You add a browser/text box for file location (directory). Press Generate and it will read contents of the file, generate it, then go to next file, generate it etc. That - that would make me basically instantly switch to your interface as I am so tired of copy pasting text into interface while working with large number of files and text.
You could also add custom box to specify directory for output of those files. I had to modify my Whisper Web UI to add such a feature...hack of a job but it works somehow. Much better solution that going to output folder and sorting data in default folder when app can output directly in desired location.
Well you do not have to copy paste with mine, upload your files, click on them. If you make a profile they persist till you delete them.
Anyway, a sequential read from dir sounds nice. Probably will not add that to a webui though. Planning on making native macos and windows apps after this and releasing them in the app stores for like 2€. The vue webapp will stay open source and I wanna finish that and have it nice and polished before anything else.

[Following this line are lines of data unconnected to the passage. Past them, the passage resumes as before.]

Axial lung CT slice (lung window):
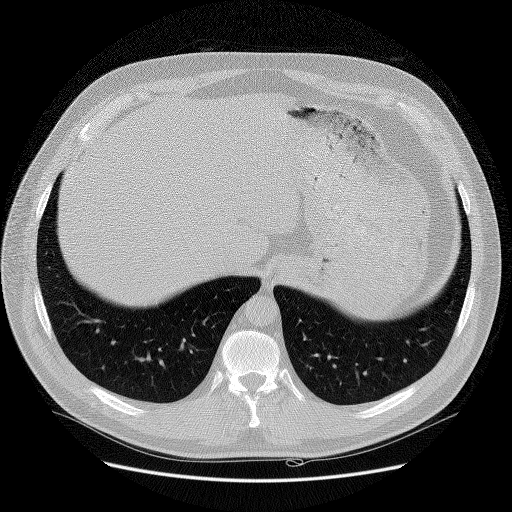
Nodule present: no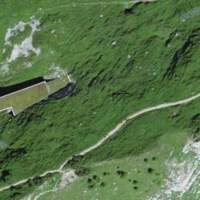
EUNIS habitat code: 23
Species observed at this site:
Rhododendron ferrugineum
Dryas octopetala
Cephalaria alpina
Astrantia major
Carduus personata
Pyrrhocorax graculus
Gentiana bavarica
Eryngium alpinum

Think I'd just prefer the option to have a "read stuff in sequence function" though where you can select any file from the files you have uploaded and order them in a specific way, maybe save that order preset and play them. This would also fit a web app I think
The main challenges it seems are Keeping it stupid simple and nice looking while having all functionality I want and my lack of practice with vue and javascript. First time doing anything javascript and ui
Another feature I would love to see is automatic generation from files in directory.
You add a browser/text box for file location (directory). Press Generate and it will read contents of the file, generate it, then go to next file, generate it etc. That - that would make me basically instantly switch to your interface as I am so tired of copy pasting text into interface while working with large number of files and text.
You could also add custom box to specify directory for output of those files. I had to modify my Whisper Web UI to add such a feature...hack of a job but it works somehow. Much better solution that going to output folder and sorting data in default folder when app can output directly in desired location.
Just added multiple file upload. So you can select 5 files at once, it will upload, you can put their contents in the text box by clicking them and they will persist in the profile till deleted. Not exactly what you wanted but better than before xD
Added Multi Speaker Mode, still gotta do some audio normalization so the voices are same loudness, that should just be a couple lines of code though
Next thing will be voice mixing so it is possible to make them sound a bit more similar in tone hopefully.